Studio album by Republica
- Released: 5 October 1998
- Recorded: Republica, Westside, Metropolis, Strongroom, Whitfield Street, The Barge & Heirophony, London
- Length: 39:38
- Labels: Deconstruction; BMG;
- Producers: Ian Stanley; Andy Gray; Clive Langer; Alan Winstanley; Ian Broudie;

Republica chronology
| Republica (1996) | Speed Ballads (1998) | Christiana Obey (2013) |

= Speed Ballads =

Speed Ballads is the second album by the band Republica.
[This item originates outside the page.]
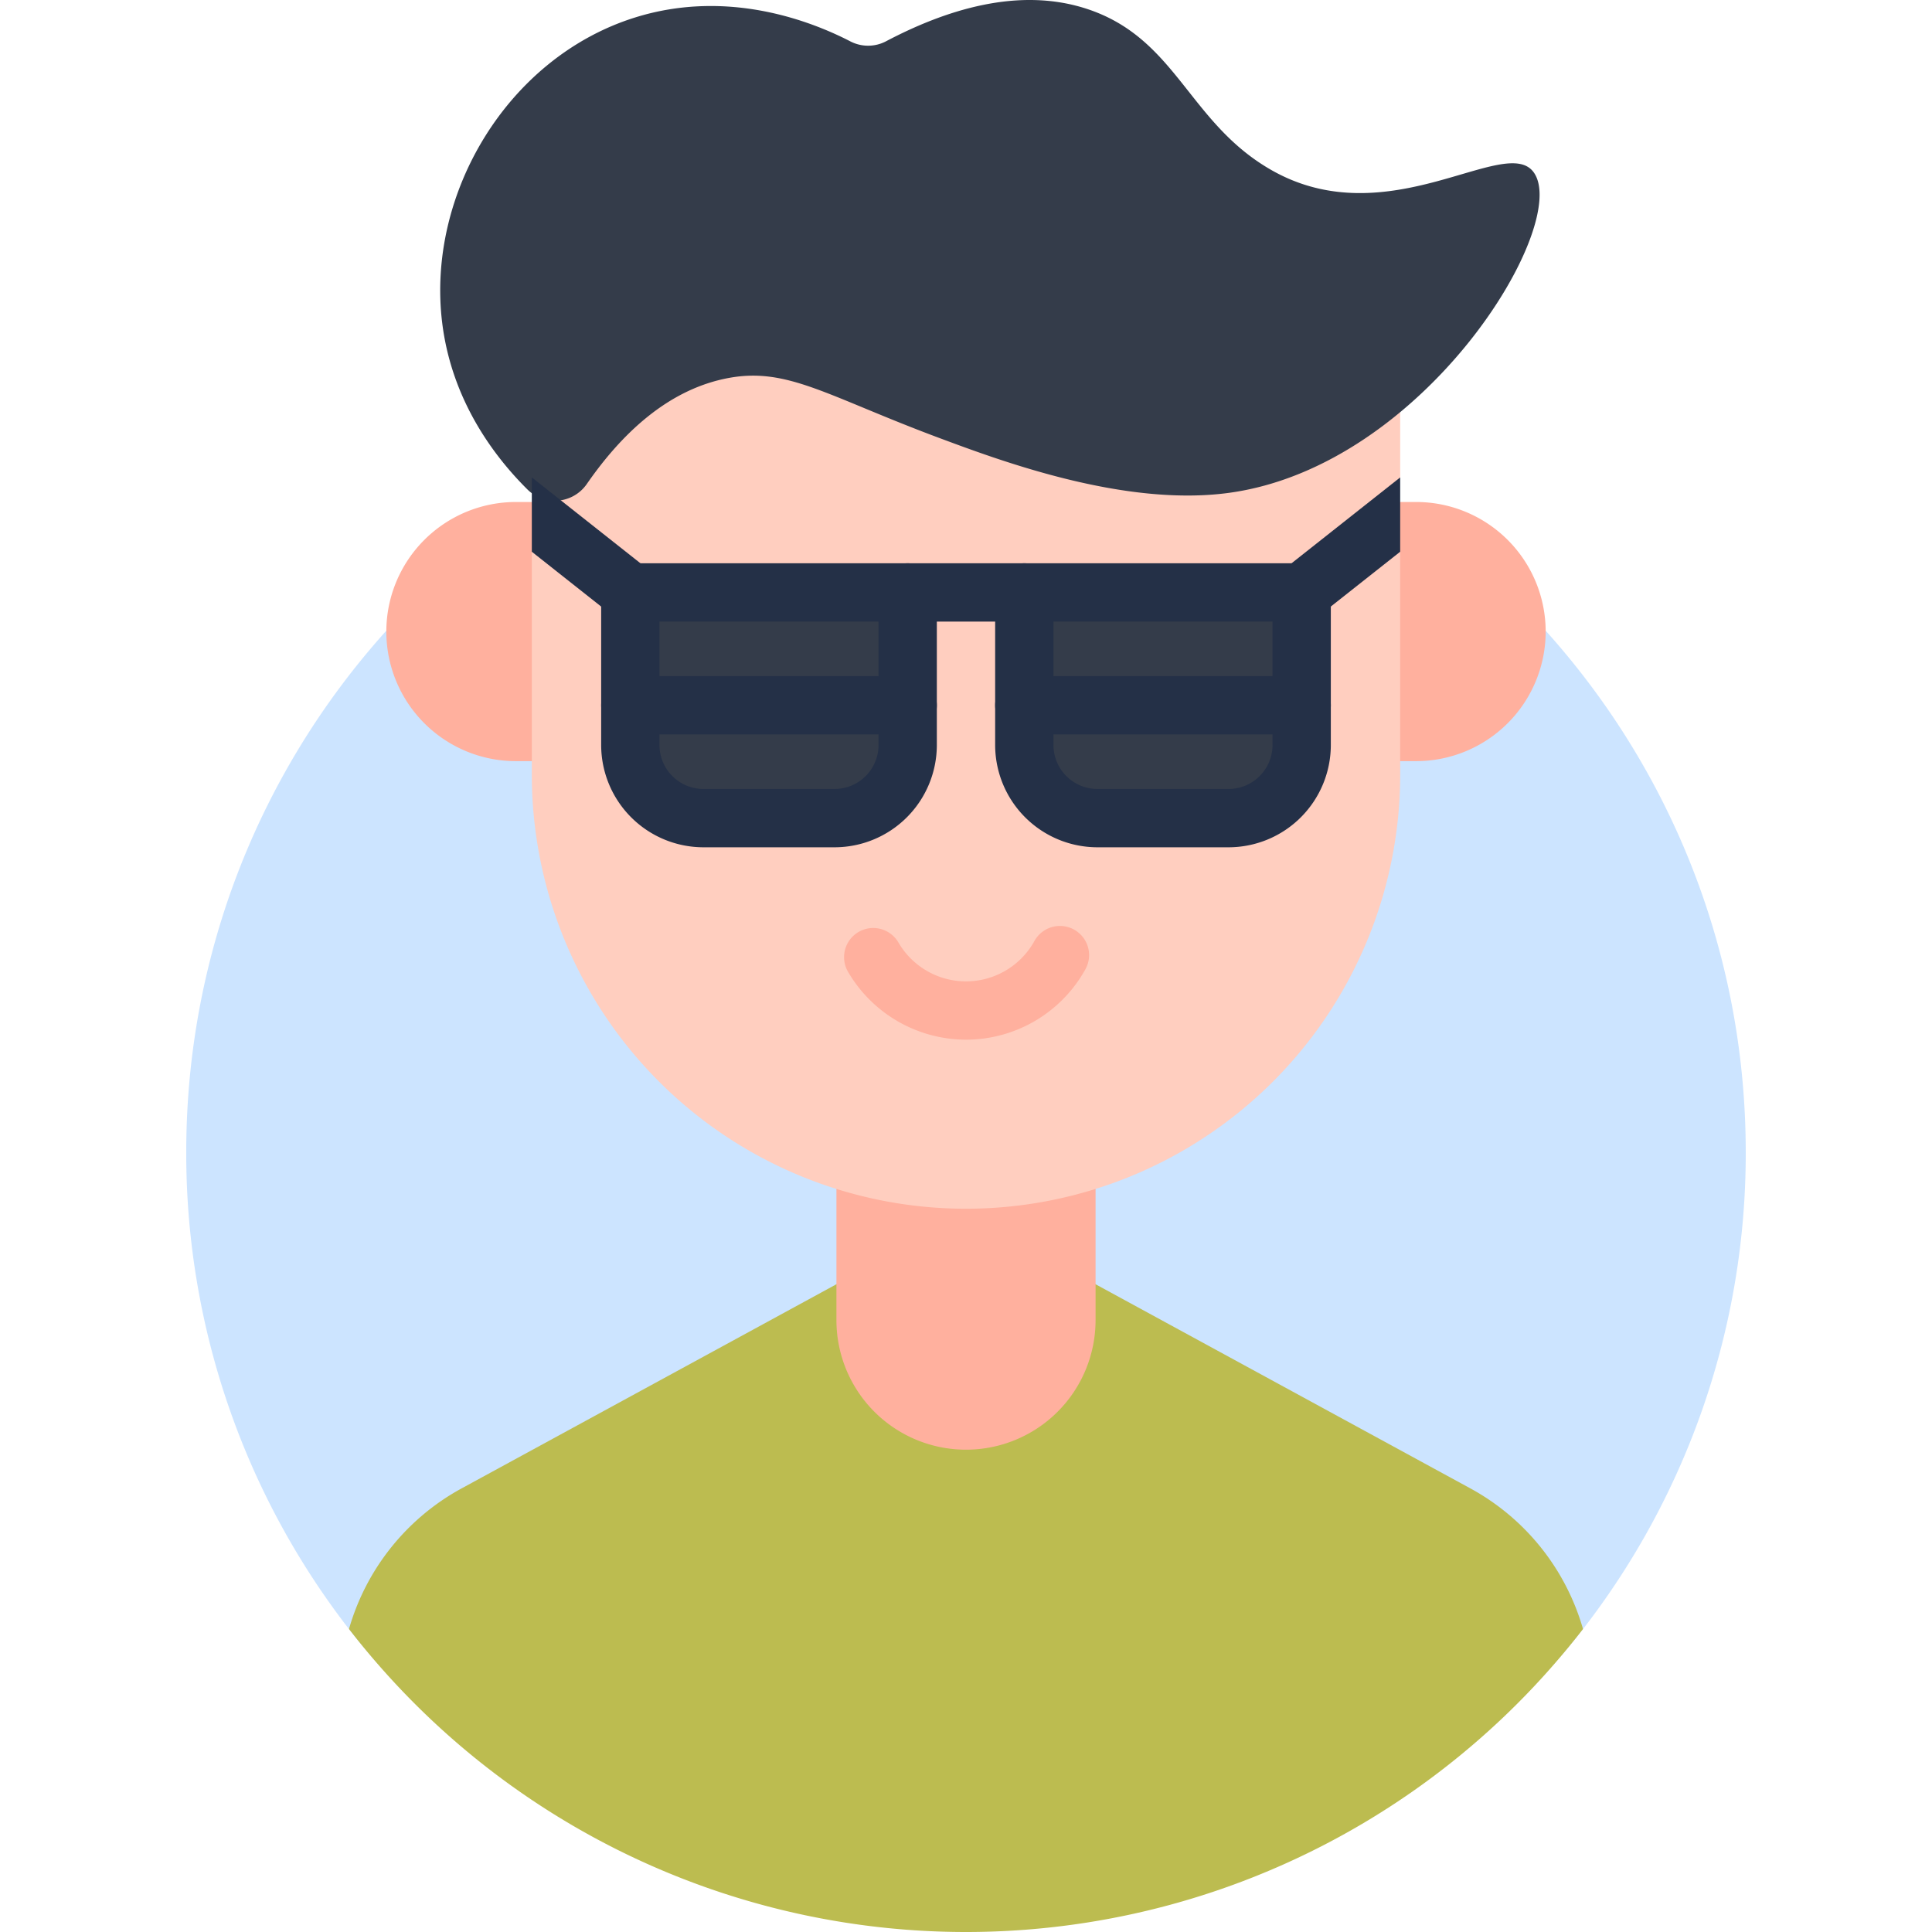 <svg id="fa52693b-ef35-4e45-a0f6-af9e02ddbcb6" height="512" viewBox="0 0 512 512" width="512" xmlns="http://www.w3.org/2000/svg" data-name="Layer 1"><path d="m462.641 305.359a205.746 205.746 0 0 1 -43.12 126.354c-37.795 48.841-96.986 65.287-163.522 65.287s-125.727-16.446-163.522-65.287a205.746 205.746 0 0 1 -43.12-126.354c0-114.125 92.517-206.642 206.641-206.642s206.641 92.517 206.641 206.642z" fill="#cce4ff"/><path d="m92.488 431.705a206.634 206.634 0 0 0 327.023 0 61.808 61.808 0 0 0 -29.853-37.27l-133.659-72.8-133.659 72.8a61.808 61.808 0 0 0 -29.853 37.27z" fill="#bcbc50"/><path d="m221.662 243.216h68.676a0 0 0 0 1 0 0v106.628a34.338 34.338 0 0 1 -34.338 34.338 34.338 34.338 0 0 1 -34.338-34.338v-106.628a0 0 0 0 1 0 0z" fill="#ffb09e"/><path d="m102.383 133.034h19.67a34.338 34.338 0 0 1 34.338 34.338v0a34.338 34.338 0 0 1 -34.338 34.338h-19.67a0 0 0 0 1 0 0v-68.676a0 0 0 0 1 0 0z" fill="#ffb09e" transform="matrix(-1 0 0 -1 258.773 334.744)"/><path d="m355.61 133.034h19.67a34.338 34.338 0 0 1 34.338 34.338v0a34.338 34.338 0 0 1 -34.338 34.338h-19.67a0 0 0 0 1 0 0v-68.676a0 0 0 0 1 0 0z" fill="#ffb09e"/><path d="m371.062 97.85v28.669l-3.626 12.363 3.626 7.333v59.048a115.062 115.062 0 0 1 -115.062 115.062h-0a115.062 115.062 0 0 1 -115.062-115.062v-59.048l2.691-7.755-2.691-11.94v-44.122h214.672a15.453 15.453 0 0 1 15.453 15.453z" fill="#ffcebf"/><path d="m256 275.525a36.282 36.282 0 0 1 -31.31-18.067 7.726 7.726 0 0 1 13.374-7.738 20.713 20.713 0 0 0 36.068-.348 7.726 7.726 0 1 1 13.521 7.481 36.19 36.19 0 0 1 -31.654 18.673z" fill="#ffb09e"/><path d="m139.841 129.775a10.302 10.302 0 0 0 15.709-1.57c8.816-12.708 21.155-25.038 37.652-28.056 15.591-2.852 26.138 4.889 55.722 15.921 16.465 6.14 49.167 18.334 76.85 14.53 51.867-7.128 90.507-71.02 80.71-84.881-7.392-10.458-38.6 17.105-69.652-.71-21.696-12.448-24.948-34.398-48.07-42.411-18.773-6.506-38.697.315-53.933 8.333a10.226 10.226 0 0 1 -9.465.041c-9.897-5.116-32.188-14.106-57.039-6.345-33.724 10.533-55.357 46.668-51.14 80.923 2.552 20.726 13.932 35.589 22.655 44.226z" fill="#343c4a"/><path d="m167.043 157h73.504a0 0 0 0 1 0 0v40.443a19.37 19.37 0 0 1 -19.37 19.37h-34.764a19.37 19.37 0 0 1 -19.37-19.37v-40.443a0 0 0 0 1 0 0z" fill="#343c4a"/><path d="m221.177 224.54h-34.764a27.128 27.128 0 0 1 -27.097-27.097v-40.444a7.726 7.726 0 0 1 7.726-7.726h73.504a7.726 7.726 0 0 1 7.726 7.726v40.444a27.128 27.128 0 0 1 -27.097 27.097zm-46.407-59.814v32.717a11.657 11.657 0 0 0 11.644 11.644h34.764a11.657 11.657 0 0 0 11.644-11.644v-32.717z" fill="#243047"/><path d="m240.547 194.634h-73.504a7.726 7.726 0 1 1 0-15.453h73.504a7.726 7.726 0 1 1 0 15.453z" fill="#243047"/><path d="m271.453 157h73.504a0 0 0 0 1 0 0v40.443a19.37 19.37 0 0 1 -19.37 19.37h-34.764a19.37 19.37 0 0 1 -19.37-19.37v-40.443a0 0 0 0 1 0 0z" fill="#343c4a"/><g fill="#243047"><path d="m325.587 224.54h-34.764a27.128 27.128 0 0 1 -27.097-27.097v-40.444a7.726 7.726 0 0 1 7.726-7.726h73.504a7.726 7.726 0 0 1 7.726 7.726v40.444a27.128 27.128 0 0 1 -27.097 27.097zm-46.407-59.814v32.717a11.657 11.657 0 0 0 11.644 11.644h34.764a11.657 11.657 0 0 0 11.644-11.644v-32.717z"/><path d="m344.957 194.634h-73.504a7.726 7.726 0 1 1 0-15.453h73.504a7.726 7.726 0 1 1 0 15.453z"/><path d="m271.453 164.726h-30.905a7.726 7.726 0 0 1 0-15.453h30.905a7.726 7.726 0 0 1 0 15.453z"/><path d="m371.062 126.519-30.896 24.419a7.726 7.726 0 1 0 9.581 12.123l21.315-16.846z"/><path d="m171.834 150.939-30.896-24.419v19.696l21.315 16.846a7.726 7.726 0 0 0 9.581-12.123z"/></g></svg>

Released in 1998, the album was the follow-up to Republica's self-titled debut album.

Professional ratings
Review scores
| Source | Rating |
| Allmusic | Star |
| NME | Star |

==Release==
Speed Ballads reached #37 on the UK Album Charts. The album never received release in the United States, until being released digitally worldwide.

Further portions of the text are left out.